WhatsApp has also announced Privacy Checkup, a feature that runs through your privacy options within the app (Andrew Williams)

WhatsApp has been updated to help users avoid being distracted by spam callers.

The popular messaging and communication application has introduced a feature called Silence Unknown Callers, meaning people not in your contacts list who try to call you will not cause a ring or call notification.

While a history of the call will be in a log in the app, this should significantly reduce the likelihood of you enduring a WhatsApp scam.

Originally spotted in leaked screenshots in March, the feature was officially launched in the app today (June 20). It doesn’t require an app update either, as the Silence Unknown Callers feature has already appeared in our Android version on the app.

It effectively puts WhatsApp calls on the same level as messages from unknown contacts you might receive on Facebook Messenger or LinkedIn. You can see what happened, but these messages are not thrown in your face.

WhatsApp lets you make calls to anyone who has the app installed, as long as you have their number. As such, it might be compared to a standard phone call, but WhatsApp uses VoIP for such calls, meaning they take place over the internet rather than through the standard phone service.

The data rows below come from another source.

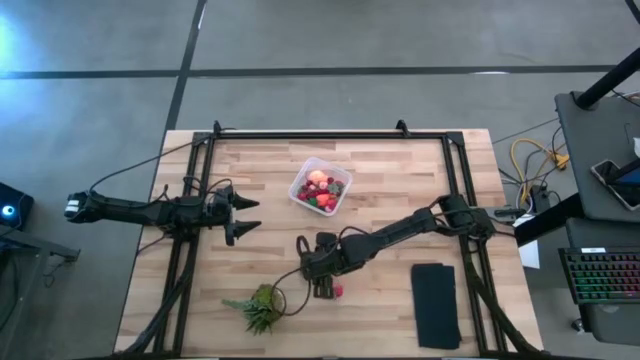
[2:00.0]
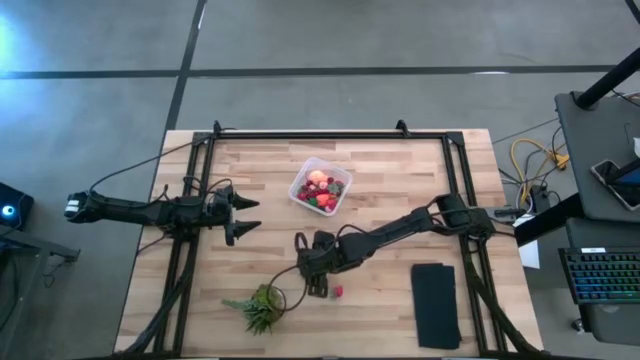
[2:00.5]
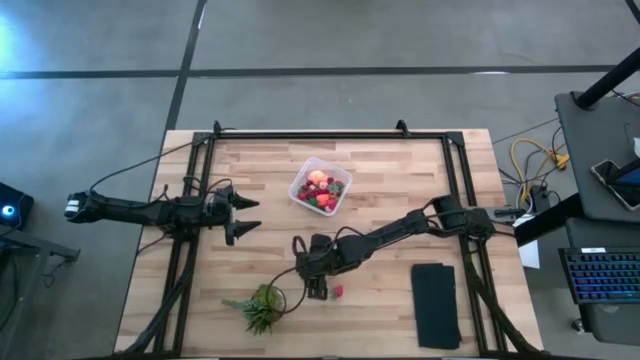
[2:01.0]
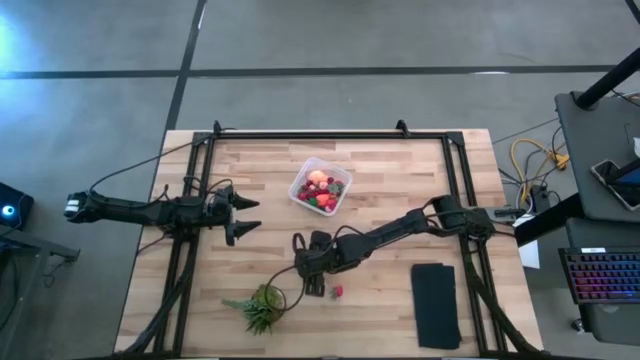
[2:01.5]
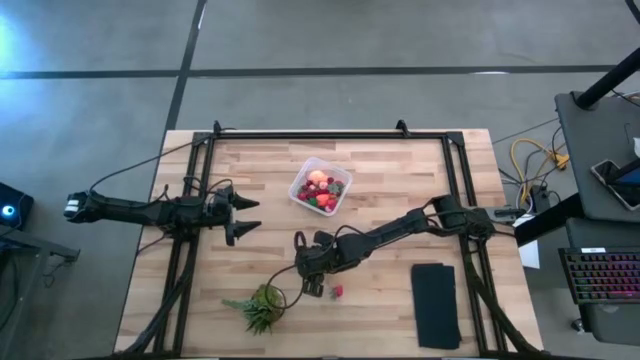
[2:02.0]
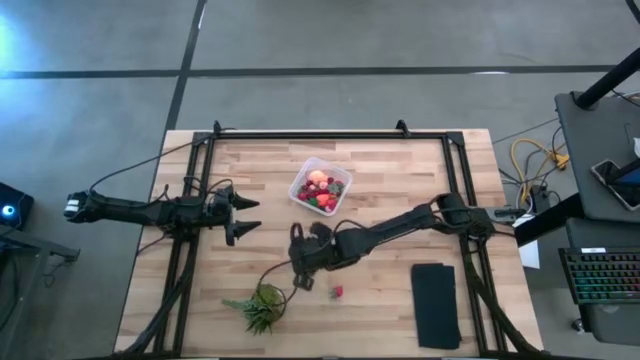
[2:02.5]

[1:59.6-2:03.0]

How to improve WhatsApp privacy

WhatsApp has also announced Privacy Checkup, a feature that runs through your privacy options within the app. You’ll see this as a pop-up when you enter the Privacy section of the app’s Settings menu.

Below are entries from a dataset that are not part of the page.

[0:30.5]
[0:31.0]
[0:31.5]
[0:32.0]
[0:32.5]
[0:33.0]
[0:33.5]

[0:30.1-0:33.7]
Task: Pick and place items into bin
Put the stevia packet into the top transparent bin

The most powerful of these, aside from the new Silence Unknown Callers option, is the block button. This stops certain numbers from contacting you, but is performed on a number-by-number basis.

Some of the most powerful scams on WhatsApp have nothing to do with calls, though. In March, Action Fraud highlighted a WhatsApp scam in which users’ accounts were being hijacked.

A message would appear claiming to be from a friend, whose account had already been hijacked, requesting a code sent to your phone.

This is the code used when attempting to switch your WhatsApp account to a different phone. Give the scammer that code, and they can take over your WhatsApp profile.

Action Fraud’s advice included saying “if a family member or friend makes an unusual request on WhatsApp, always call the person to confirm their identity”.